Moscow Mitch- true to form. MA

Sheryl Gay Stolberg 3 hrs ago

WASHINGTON — Seven months into a new era of divided government, the Republican-led Senate limped out of Washington this week after the fewest legislative debates of any in recent memory, without floor votes on issues that both parties view as urgent: the high cost of prescription drugs, a broken immigration system and crumbling infrastructure.
The number of Senate roll call votes on amendments — a key indicator of whether lawmakers are engaged in free and open debate — plummeted to only 18 this year, according to a review of congressional data. During the same time period in the 10 previous Congresses, senators took anywhere from 34 to 231 amendment votes.
The inaction stands in stark contrast to the promises of Senator Mitch McConnell, the majority leader. After his party took control of the Senate in 2015, Mr. McConnell vowed to end the gridlock that had gripped the chamber under his Democratic predecessor, Harry Reid, and pledged to allow both parties to offer amendments to legislation — even if it forced Republicans to risk taking politically unpopular votes.

“We’ll just take our chances,” he said at a news conference in early 2016. “You know, we’re big men and women. We’re prepared to vote on proposals that are offered from both sides.”
Instead, the Senate, once known as “the world’s greatest deliberative body,” is operating exactly as Mr. McConnell now wants it to: as an approval factory for President Trump’s judicial and administration nominees.

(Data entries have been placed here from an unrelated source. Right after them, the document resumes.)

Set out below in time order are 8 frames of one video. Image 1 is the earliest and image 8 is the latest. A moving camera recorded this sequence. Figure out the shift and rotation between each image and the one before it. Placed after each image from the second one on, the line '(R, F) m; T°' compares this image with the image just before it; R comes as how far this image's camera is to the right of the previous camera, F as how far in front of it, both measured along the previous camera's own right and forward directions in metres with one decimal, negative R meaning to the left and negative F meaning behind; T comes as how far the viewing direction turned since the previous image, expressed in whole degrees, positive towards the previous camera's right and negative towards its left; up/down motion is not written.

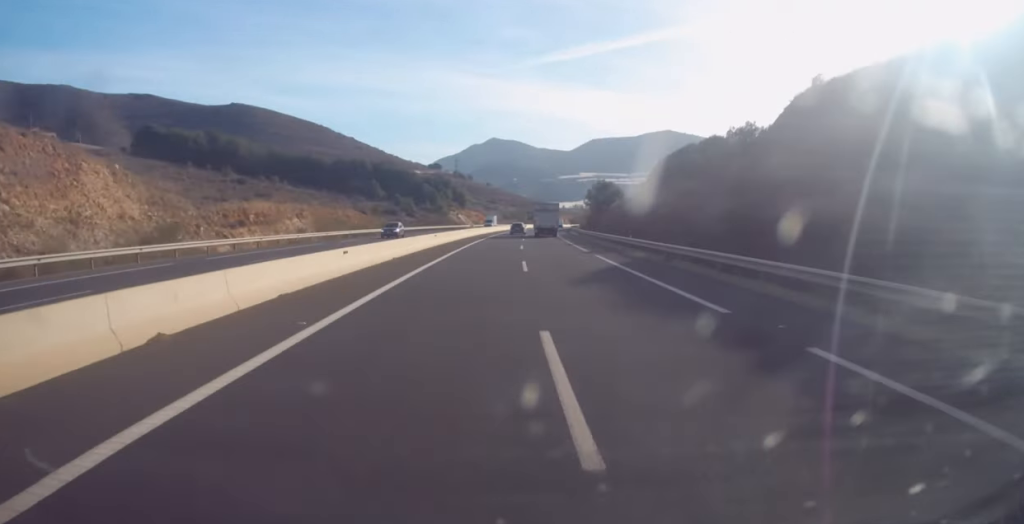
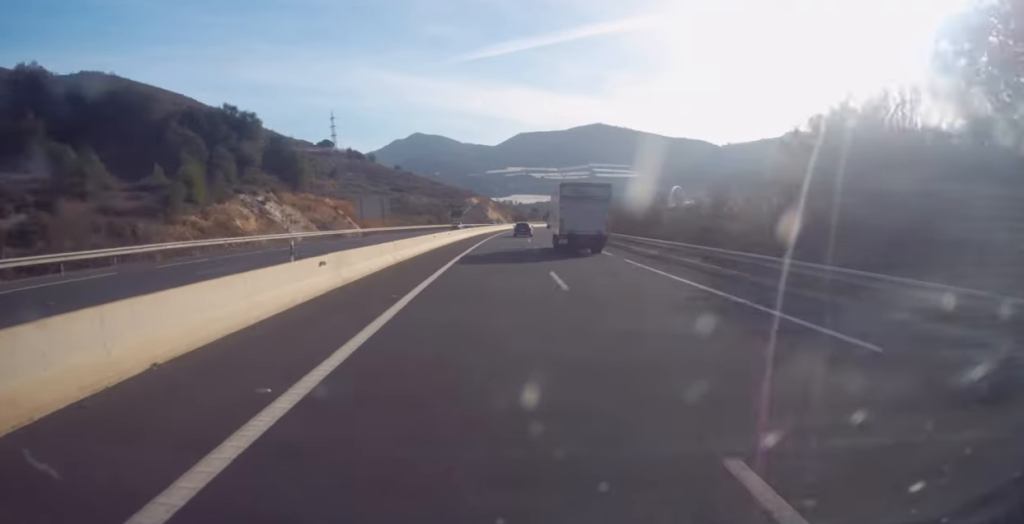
(+6.1, +115.5) m; +6°
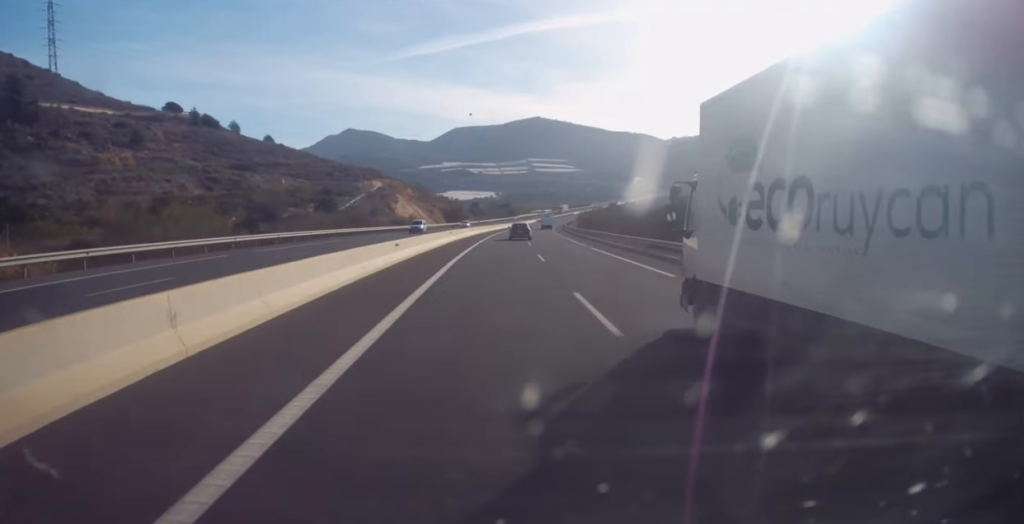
(+4.6, +105.7) m; +5°
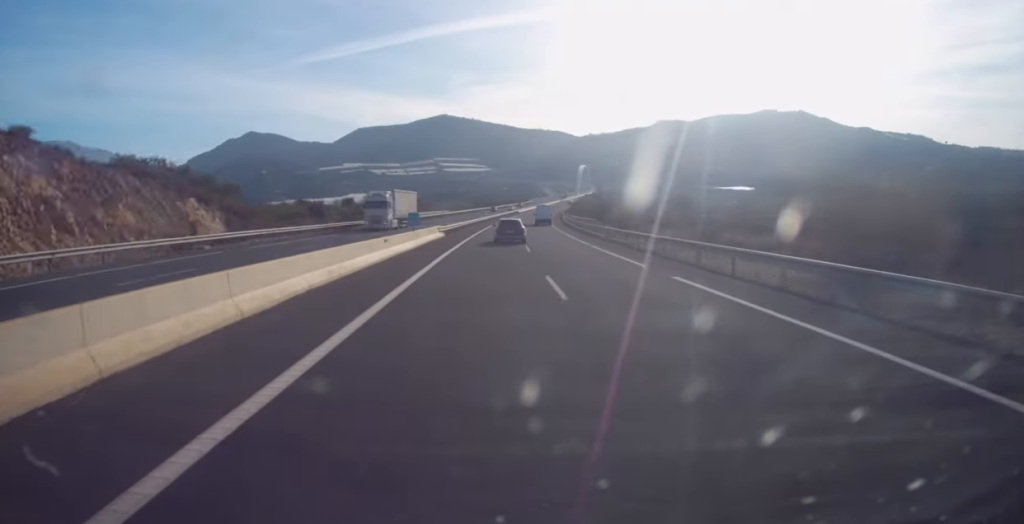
(+8.7, +178.4) m; +7°
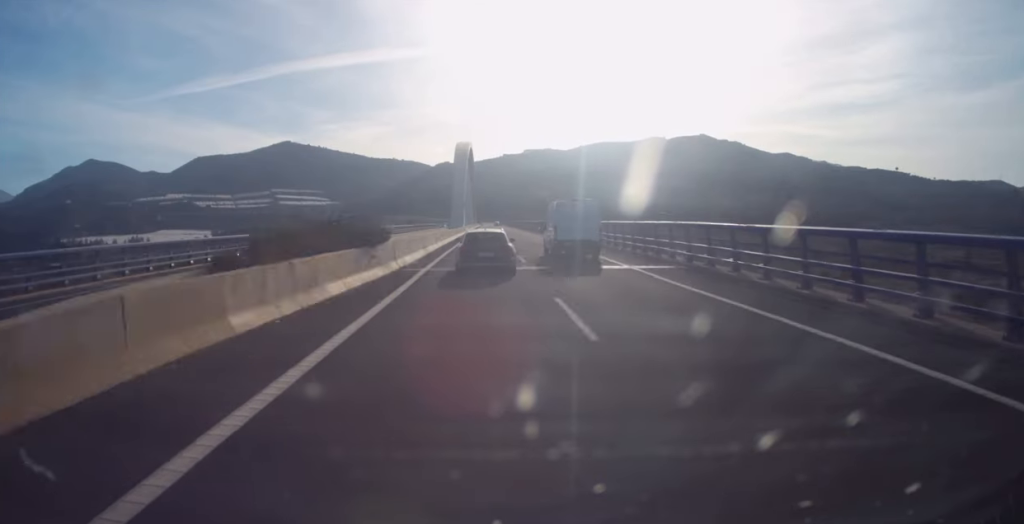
(+34.2, +313.1) m; +8°
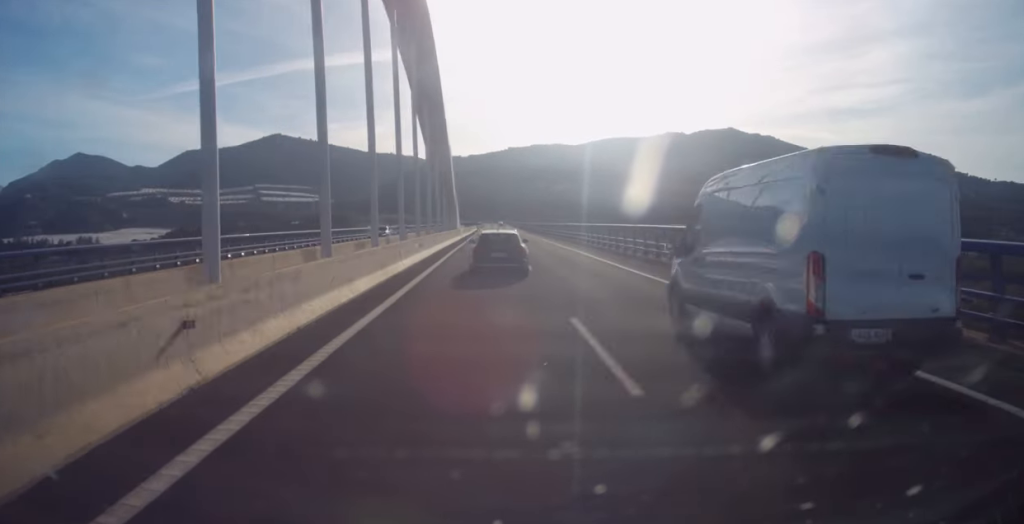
(+1.9, +154.0) m; 0°
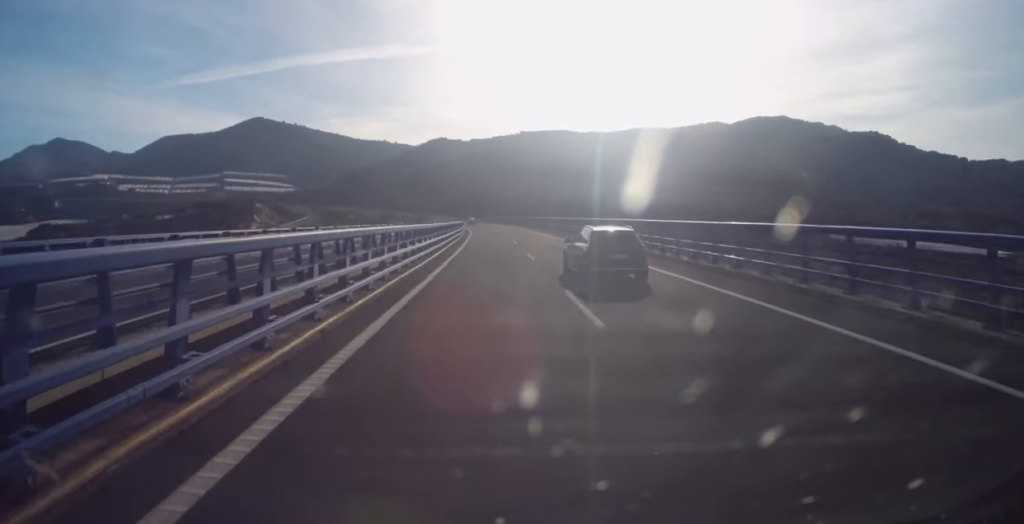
(-0.9, +237.1) m; -4°
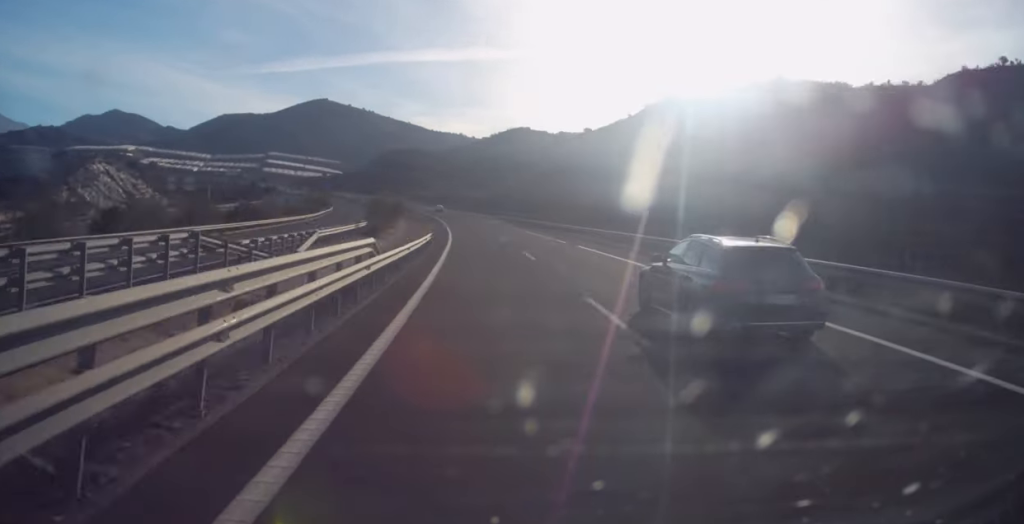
(-13.3, +187.0) m; -10°

In his effort to remake the courts, Mr. McConnell is succeeding; so far this year, the Senate has confirmed 13 circuit court nominees, for a total of 43 since Mr. Trump took office in 2017, and 46 of his district court nominees, for a total of 99. By contrast, during the last two years of President Barack Obama’s administration, with Republicans running the Senate, only 22 judicial nominees were confirmed.

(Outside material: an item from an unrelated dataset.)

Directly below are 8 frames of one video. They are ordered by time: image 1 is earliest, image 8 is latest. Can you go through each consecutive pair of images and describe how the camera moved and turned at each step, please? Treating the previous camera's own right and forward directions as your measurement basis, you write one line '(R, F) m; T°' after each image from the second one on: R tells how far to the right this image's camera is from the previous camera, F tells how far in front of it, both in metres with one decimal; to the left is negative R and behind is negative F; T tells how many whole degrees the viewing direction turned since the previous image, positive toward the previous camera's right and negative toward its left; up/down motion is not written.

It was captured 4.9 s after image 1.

Dysfunction in Washington, of course, is nothing new, and it is especially pronounced when the House and Senate are controlled by opposing parties. This year has been worse than most. It started off with a government shutdown that did not get resolved until three weeks into the new Congress.
In an analysis of the first six months of the new Congress, the Bipartisan Policy Center found fault with leaders in both parties for “not engaging in the kind of deliberation and debate that is necessary to develop quality bills.”
The Senate’s legislative achievements have been confined largely to noncontroversial bipartisan measures — including a land conservation package and a bill cracking down on illegal telemarketing — and must-pass bills, including disaster relief and emergency aid for the border; an annual military policy measure; and a two-year budget deal lawmakers approved just before they left.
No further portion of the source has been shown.